Well-to-Well Variation—What differentiates Petro.ai is that we model the variation in one particular well. From one well to the next well, we capture that specific well-to-well variation. That’s the same thing as saying we are more accurate. Our conceptual model takes in the activity at the well bore interface and also monitors the far-field activity. We are a 3D view of your part of the full basin that you need to know and understand.
Pouring in Proppant—To use the correct amount of this limited and costly resource, you need to understand “the fracture network around each of your wells,” Ian Palmer in Forbes reveals from a study undertaken in Fayetteville shale, “a geomechanics model was developed.” That was in 2014. Petro.ai has expanded that understanding to a full drainage calculation using an AI platform for accurate results.

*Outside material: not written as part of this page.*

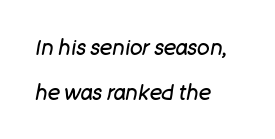
The image shows 21 px text type, italic (leaning right); set left-aligned, loose line spacing (2.14x), normal letter spacing, not underlined.

Accounting for anywhere from 6 – 25 percent of a well’s total cost, the amount of proppant used per well is increasing with every play. Proppant’s short history in the oil and gas industry has seen fast evolutionary changes as the understanding of frac size and the underlying geomechanical concepts surrounding shale have grown both onsite and in research-based labs.The standard 20-40 proppant sand, the smaller 100-mesh or the more common 40-70 sand, the artificial ceramic or resin-coated proppants, and the new 200-mesh DEEPROP option become the secret sauce for a company’s basin-dependent hydraulic fracturing program.
“Proppant is an interesting one,” Dr. Troy Ruths, CEO of Petro.ai explains, “The role of proppant is to prop open the hydraulic fractures that open during a frac job. There’s lots of things that affect it. Some critical questions are, can we put in more proppant to get more production? And is that production coming early in the well’s life cycle or throughout the life of the well? Not only are we asking for more production, are we changing the clime of the well because we’re using proppant?

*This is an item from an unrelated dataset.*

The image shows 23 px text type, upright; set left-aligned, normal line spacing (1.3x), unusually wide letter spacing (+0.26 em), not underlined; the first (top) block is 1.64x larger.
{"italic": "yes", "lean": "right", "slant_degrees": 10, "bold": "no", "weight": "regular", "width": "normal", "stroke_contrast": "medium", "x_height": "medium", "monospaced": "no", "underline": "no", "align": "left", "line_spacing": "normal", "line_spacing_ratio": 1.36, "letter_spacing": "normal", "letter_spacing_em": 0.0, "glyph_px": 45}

“When we think of the effect of proppant, we need to ask, do we get an initial impact that’s improved, or do we get a better decline afterwards? Petro.ai can answer those questions. The way we manage that is by looking at decline curve parameters. In the graph above, as you put more proppant in your decline decreases in severity. The conclusion here is that we’ve managed to keep surface area accessible to the well for longer and that’s because it’s propped open.
“You might also ask, if I put in more proppant my fracs are getting bigger and so should I space the wells out more? Now the problem here is you just covaried something.

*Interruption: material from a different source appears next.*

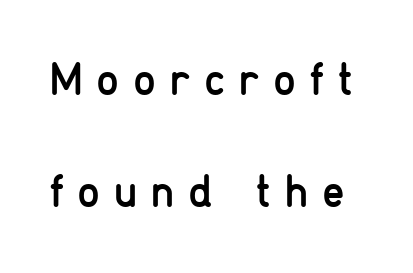
The image shows 46 px regular-weight, condensed sans-serif type, upright; set loose line spacing (2.44x), unusually wide letter spacing (+0.3 em), not underlined; low stroke contrast and a medium x-height.

“What we do is, we normalize by our estimate of drainage. We capture that by using a coefficient that we fit on the drainage to see if you are extracting from it efficiently.
“Are we extracting that volume of reservoir? You know you’re getting more volume area because you know your rock isn’t changing.
“Now, if you’re getting an improved increase and/or normalizing for drainage that means you’re getting better placement of proppant. This isn’t exactly a one-to-one correlation, and you could actually hurt the well by putting in too much proppant. More proppant isn’t always better.
“Then you can take into account the economics of putting more proppant in. There may be a benefit to the production but is it beyond the cost of putting the proppant in. That might change from well to well. You might have a situation where you have access to a lot more proppant. You want to see, should I put it in this well or the other well.”
“That’s interesting from a tactical point of view also,” Kyle LaMotta, VP of Analytics at Petro.ai adds, “If you’re completing a well next week and suddenly the price of proppant goes up, market conditions change overnight, you can quickly rerun it and see the effect of that increased price of proppant. It’s not always a given how that price point may change a job. Maybe before when proppant price was low it made sense to pump a bit more because you saw a little bit better production but if the price doubles, then you probably want to pump a smaller job because the incremental gain just isn’t there.”
“And what we do is we take those considerations and turn that into a 1D response curve,” Ruths continues, “It’s 1D because it’s one dimension. We’ve taken all these variables and put it into that total proppant per stage. All that complexity that we just talked about is baked in for that particular well. We don’t need to look at so many sensitivities. The challenge with multi-variate regression is that people try to make it work for everything. It doesn’t need to work for everything. It just needs to work for the design parameters that you want to put in it. By making it specific to a well you can handle those well-to-well sensitivities better.
“You’re not running over too many of those sensitivities. What if we landed a little bit higher or lower? What if we had a parent well?
“All of those ‘what-ifs’ are now ‘we-know.’
“We know exactly where it’s landed, exactly how many parent wells are around it, we know the cost of completions. You’ve changed the ‘what-ifs’ to the ‘we-knows’ and you only have a couple of ‘what-ifs’ left.
“That’s what we’re doing with the CSA, Completions Scenario Analysis, and the PSA, Pad Scenario Analysis, the customized tradeoff decision matrices which distill your data and your options to one fast, easily updated, interactive overview. Your accuracy improves dramatically as your well-to-well ensemble of technical models create your specific 3D understanding of your specific reservoir.”